Use Streaming ETL in AWS Glue to process event data like IoT streams, clickstreams, and network logs.
Glue Job Bookmark
AWS Glue Job Bookmark tracks data that has already been processed during a previous run of an ETL job by persisting state information from the job run.
Job bookmarks help AWS Glue maintain state information and prevent the reprocessing of old data.
Job bookmarks help process new data when rerunning on a scheduled interval
Job bookmark is composed of the states for various elements of jobs, such as sources, transformations, and targets. for e.g, a ETL job might read new partitions in an S3 file. AWS Glue tracks which partitions the job has processed successfully to prevent duplicate processing and duplicate data in the job’s target data store.
AWS Certification Exam Practice Questions
Questions are collected from Internet and the answers are marked as per my knowledge and understanding (which might differ with yours).
AWS services are updated everyday and both the answers and questions might be outdated soon, so research accordingly.
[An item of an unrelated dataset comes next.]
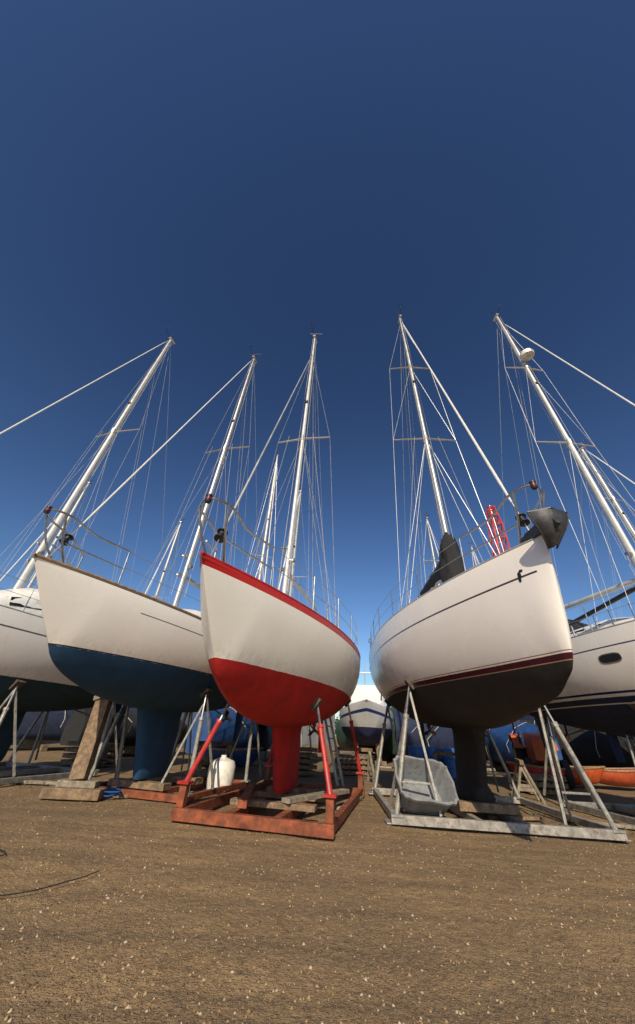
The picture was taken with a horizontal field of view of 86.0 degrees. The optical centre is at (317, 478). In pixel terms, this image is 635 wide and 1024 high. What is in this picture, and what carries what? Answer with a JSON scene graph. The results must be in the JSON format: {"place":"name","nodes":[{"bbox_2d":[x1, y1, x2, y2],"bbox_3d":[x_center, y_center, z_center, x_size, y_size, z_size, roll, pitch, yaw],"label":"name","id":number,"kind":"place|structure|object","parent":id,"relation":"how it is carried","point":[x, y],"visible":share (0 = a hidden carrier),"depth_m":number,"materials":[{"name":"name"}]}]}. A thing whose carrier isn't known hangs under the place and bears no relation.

AWS exam questions are not updated to keep up the pace with AWS updates, so even if the underlying feature has changed the question might not be updated
Open to further feedback, discussion and correction.
An organization is setting up a data catalog and metadata management environment for their numerous data stores currently running on AWS. The data catalog will be used to determine the structure and other attributes of data in the data stores. The data stores are composed of Amazon RDS databases, Amazon Redshift, and CSV files residing on Amazon S3. The catalog should be populated on a scheduled basis, and minimal administration is required to manage the catalog. How can this be accomplished?
Set up Amazon DynamoDB as the data catalog and run a scheduled AWS Lambda function that connects to data sources to populate the database.
Use an Amazon database as the data catalog and run a scheduled AWS Lambda function that connects to data sources to populate the database.
Use AWS Glue Data Catalog as the data catalog and schedule crawlers that connect to data sources to populate the database.
Set up Apache Hive metastore on an Amazon EC2 instance and run a scheduled bash script that connects to data sources to populate the metastore.